Beberapa contoh Kontrak Sewa (lease):
-       Pelabuhan Udara (keseluruhan atau sebagian)
-       Jalan Tol
-       Pelabuhan Laut
-       Penyediaan dan distribusi air bersih
-       Rumah Sakit
-       Fasilitas olahraga
C.   Studi Kasus; Rencana Pembangunan Tol Dalam Kota di Jakarta[4]
Kementerian Pekerjaan Umum (PU) menargetkan penandatangan perjanjian pengusahaan jalan tol (PPJT) proyek enam ruas tol dalam kota Jakarta dilaksanakan pada September 2012. Hal itu menyusul pengajuan surat penawaran proyek oleh PT. Jakarta Tollroad Development (JTD).
Panitia Lelang Badan Pengatur Jalan Tol (BPJT) untuk Proyek Enam Ruas Tol Dalam Kota masih akan melakukan penelaahan setelah surat penawaran diajukan, dan setelah dilakukan evaluasi, negosiasi, dan kesepakatan, hal itu akan dituangkan dalam kontrak PPJT antara badan usaha jalan tol dan Badan Pengatur Jalan Tol (BPJT). Langkah tersebut dilakukan untuk percepatan pembangunan proyek tersebut.
Dokumen penawaran yang diserahkan terdiri atas dua bagian yakni detail teknis seperti desain dan gambar, serta bagian kedua berupa proposal keuangan. Selanjutnya, pihak PT Jakarta Tollroad Development (JTD) selaku pihak swasta yang akan bekerjasama dengan pemerintah akan menunggu dokumen dibuka oleh BPJT guna diverifikasi isiannya.
Sementara itu, Pemerintah Provinsi DKI Jakarta sudah menerbitkan surat penetapan lokasi pembangunan (SP2LP) Enam Ruas Tol Dalam Kota pada 11 April 2012. Surat Keterangan mengenai SP2LP dituangkan dalam Surat Keputusan Gubernur DKI No 598/2012. SK tersebut menyebutkan lokasi proyek melewati lima wilayah di DKI yakni Jakarta Selatan, Jakarta Pusat, Jakarta Utara, Jakarta Barat, dan Jakarta Timur. Berdasarkan SP2LP tersebut, panjang proyek ditetapkan sepanjang 69.770 kilometer dan lebar 25,88 meter.
Dengan diterbitkannya SP2LP, maka proses pémbebasan tanah diperkirakan bisa dilakukan pada awal 2013. Pasalnya, pemerintah perlu menetapkan Tim Pembebasan Tanah (TPT) dan Panitia Pengadaan Tanah (P2T) sebelum pembebasan tanah dilaksanakan. Proses pembebasan tanah harus disesuaikan dengan aturan baru.
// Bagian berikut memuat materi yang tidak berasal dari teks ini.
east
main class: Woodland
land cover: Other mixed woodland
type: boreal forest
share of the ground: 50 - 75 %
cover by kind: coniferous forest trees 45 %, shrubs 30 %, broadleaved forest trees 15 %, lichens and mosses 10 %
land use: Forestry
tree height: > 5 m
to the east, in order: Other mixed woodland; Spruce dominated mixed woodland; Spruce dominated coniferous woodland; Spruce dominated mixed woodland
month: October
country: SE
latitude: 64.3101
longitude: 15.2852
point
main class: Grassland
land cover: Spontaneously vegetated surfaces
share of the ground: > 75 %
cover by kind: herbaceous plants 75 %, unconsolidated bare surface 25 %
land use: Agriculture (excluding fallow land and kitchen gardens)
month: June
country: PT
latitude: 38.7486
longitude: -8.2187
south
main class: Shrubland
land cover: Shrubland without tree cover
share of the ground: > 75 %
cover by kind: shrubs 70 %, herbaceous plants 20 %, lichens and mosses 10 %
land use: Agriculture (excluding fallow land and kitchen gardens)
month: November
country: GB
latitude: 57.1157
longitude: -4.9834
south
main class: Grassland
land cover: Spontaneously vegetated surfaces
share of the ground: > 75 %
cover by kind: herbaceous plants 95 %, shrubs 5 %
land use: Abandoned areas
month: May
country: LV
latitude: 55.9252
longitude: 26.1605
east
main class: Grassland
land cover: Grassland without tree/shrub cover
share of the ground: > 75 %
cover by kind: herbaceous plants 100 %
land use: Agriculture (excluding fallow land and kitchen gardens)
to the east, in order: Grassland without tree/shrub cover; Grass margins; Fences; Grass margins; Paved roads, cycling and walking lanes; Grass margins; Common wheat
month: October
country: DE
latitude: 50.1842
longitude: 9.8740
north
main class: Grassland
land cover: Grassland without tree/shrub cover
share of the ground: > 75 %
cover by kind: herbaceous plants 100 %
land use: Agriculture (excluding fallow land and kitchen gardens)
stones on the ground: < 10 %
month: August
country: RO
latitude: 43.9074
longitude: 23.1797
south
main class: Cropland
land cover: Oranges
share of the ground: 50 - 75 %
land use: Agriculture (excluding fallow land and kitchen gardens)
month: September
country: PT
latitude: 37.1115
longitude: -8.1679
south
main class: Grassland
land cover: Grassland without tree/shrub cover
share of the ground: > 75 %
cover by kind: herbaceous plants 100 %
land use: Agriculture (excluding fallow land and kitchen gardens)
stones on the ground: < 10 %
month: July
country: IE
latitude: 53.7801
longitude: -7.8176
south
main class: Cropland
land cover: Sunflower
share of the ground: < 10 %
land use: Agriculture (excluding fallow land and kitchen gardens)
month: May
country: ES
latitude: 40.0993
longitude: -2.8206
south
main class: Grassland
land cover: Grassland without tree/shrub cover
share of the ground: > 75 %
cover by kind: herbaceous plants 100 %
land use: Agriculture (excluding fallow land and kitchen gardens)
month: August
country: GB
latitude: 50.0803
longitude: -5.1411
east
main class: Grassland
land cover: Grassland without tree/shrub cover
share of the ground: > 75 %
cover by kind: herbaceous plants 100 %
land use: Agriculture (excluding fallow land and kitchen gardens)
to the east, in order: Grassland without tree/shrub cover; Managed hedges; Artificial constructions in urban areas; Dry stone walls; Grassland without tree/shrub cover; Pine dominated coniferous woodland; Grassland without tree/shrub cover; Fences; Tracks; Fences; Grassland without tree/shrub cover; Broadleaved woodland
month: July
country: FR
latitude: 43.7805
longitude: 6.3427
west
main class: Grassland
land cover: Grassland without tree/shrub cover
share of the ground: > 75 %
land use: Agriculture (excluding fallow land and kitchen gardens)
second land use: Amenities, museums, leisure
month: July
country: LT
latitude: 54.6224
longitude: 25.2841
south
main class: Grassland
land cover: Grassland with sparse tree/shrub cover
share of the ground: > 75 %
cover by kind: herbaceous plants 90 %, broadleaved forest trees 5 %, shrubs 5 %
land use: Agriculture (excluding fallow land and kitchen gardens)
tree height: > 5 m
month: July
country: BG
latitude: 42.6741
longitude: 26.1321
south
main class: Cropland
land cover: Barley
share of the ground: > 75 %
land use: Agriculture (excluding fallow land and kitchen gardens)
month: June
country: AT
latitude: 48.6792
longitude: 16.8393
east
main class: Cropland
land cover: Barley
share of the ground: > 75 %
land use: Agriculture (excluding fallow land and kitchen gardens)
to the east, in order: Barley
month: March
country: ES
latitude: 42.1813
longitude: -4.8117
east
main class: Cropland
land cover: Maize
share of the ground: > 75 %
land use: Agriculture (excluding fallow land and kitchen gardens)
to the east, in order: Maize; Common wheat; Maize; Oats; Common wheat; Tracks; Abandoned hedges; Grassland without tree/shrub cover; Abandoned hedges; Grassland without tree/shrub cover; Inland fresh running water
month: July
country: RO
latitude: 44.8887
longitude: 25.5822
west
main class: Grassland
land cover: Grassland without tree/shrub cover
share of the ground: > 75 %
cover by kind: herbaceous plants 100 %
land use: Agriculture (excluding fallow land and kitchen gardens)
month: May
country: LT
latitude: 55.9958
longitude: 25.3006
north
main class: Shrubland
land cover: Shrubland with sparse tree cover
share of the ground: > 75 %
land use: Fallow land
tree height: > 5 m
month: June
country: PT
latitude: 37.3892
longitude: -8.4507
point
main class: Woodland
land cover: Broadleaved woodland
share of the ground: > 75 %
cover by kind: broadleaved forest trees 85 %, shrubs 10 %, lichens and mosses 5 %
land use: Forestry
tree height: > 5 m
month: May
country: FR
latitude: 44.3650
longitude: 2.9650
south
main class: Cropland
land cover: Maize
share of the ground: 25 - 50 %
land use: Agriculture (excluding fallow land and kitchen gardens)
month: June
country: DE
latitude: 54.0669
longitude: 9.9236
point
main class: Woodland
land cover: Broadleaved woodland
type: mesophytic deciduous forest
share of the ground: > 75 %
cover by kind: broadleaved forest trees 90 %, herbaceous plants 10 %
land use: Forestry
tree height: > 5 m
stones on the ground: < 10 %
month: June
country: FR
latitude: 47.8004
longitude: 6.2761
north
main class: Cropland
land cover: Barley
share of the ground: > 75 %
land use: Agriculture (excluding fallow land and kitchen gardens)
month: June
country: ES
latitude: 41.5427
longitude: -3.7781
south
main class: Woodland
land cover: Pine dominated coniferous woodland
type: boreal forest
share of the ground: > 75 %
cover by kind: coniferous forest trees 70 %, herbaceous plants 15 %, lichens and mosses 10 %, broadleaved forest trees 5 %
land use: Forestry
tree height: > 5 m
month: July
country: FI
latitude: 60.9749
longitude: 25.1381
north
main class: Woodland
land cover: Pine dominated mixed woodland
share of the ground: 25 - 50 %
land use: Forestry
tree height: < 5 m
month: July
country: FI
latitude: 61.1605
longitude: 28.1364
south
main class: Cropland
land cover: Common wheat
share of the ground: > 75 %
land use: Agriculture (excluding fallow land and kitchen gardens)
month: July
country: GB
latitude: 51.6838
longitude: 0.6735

Pasalnya, pemerintah segera menerbitkan Perpres Pengadaan Tanah yang merupakan turunan dari UU No 12/2012 tentang Pengadaan Tanah bagi Pembangunan untuk Kepentingan Umum.
Sementara itu, enam ruas tol Lingkar Dalam Kota Jakarta akan dibangun dengan nilai investasi Rp 40,02 triliun. Pembangunan proyek dilakukan dalam empat tahap. Tahap pertama adalah pembangunan ruas Semanan-Sunter sepanjang 17,88 kilometer senilai Rp 9,76 triliun dan ruas Sunter-Bekasi Raya (11 km) senilai Rp 7,37 triliun. Tahap selanjutnya adalah pembangunan ruas tol Duri Pulo-Kampung Melayu (11,38 km) senilai Rp 5,96 triliun dan Kemayoran-Kampung Melayu (9,65 km) senilai Rp 6,95 triliun. Tahap ketiga adalah pembangunan ruas tol koridor Ulujami-Tanah Abang (8,27 km) senilai Rp 4,25 triliun. Tahap terakhir adalah pembangunan ruas jalan tol Pasar Minggu-Casablanca sepanjang 9,56 kilometer senilai Rp 5,71 triliun.
Analisis
Rencana pembangunan tol dalam kota yang melibatkan pihak swasta dalam pelaksanaannya sebagai pelaksana proyek ini merupakan salah satu contoh penerapan public-private partnership di Indonesia. Pemerintah tentunya tidak bias melakukan proyek ini jalan tol dalam kota ini sendiri karena keterbatasan sarana dan prasarana.
Dalam penerapan PPP, tentu banyak hal yang menjadi pertimbangan. Sebagaimana yang dipaparkan oleh Aidan R. Vining dan Anthony E. Boardman dalam Public–Private Partnerships; Eight Rules for Governments, setidaknya ada delapan hal yang harus diperhatikan oleh pemerintah dalam menggandeng pihak swasta dalam pelaksanaan pembangunan infrastruktur.
Rencana pembangunan Tol Dalam Kota ini sudah memenuhi salah satu dari delapan syarat Aidan dan Anthony, yakni Establish A Jurisdictional P3 Constitution (membangun sebuah yurisdiksi konstitusi PPP), yang salah satu fungsinya adalah memberi kesempatan kepada publik untuk melakukan kontrak kerjasama serta member jaminan kredibilitas patner (private) yang jelas.[5]  Seperti yang dipaparkan di atas, rencana pembangunan tol dalam kota ini sudah diumumkan jauh-jauh hari sebelum tanggal tender dilaksanakan. Rincian pelaksanaannya juga sudah diumumkan oleh pemerintah sebagai bahan pertimbangan bagi pemilik proyek untuk melakukan kajian mendalam tentang rencana pembangunan tol tersebut.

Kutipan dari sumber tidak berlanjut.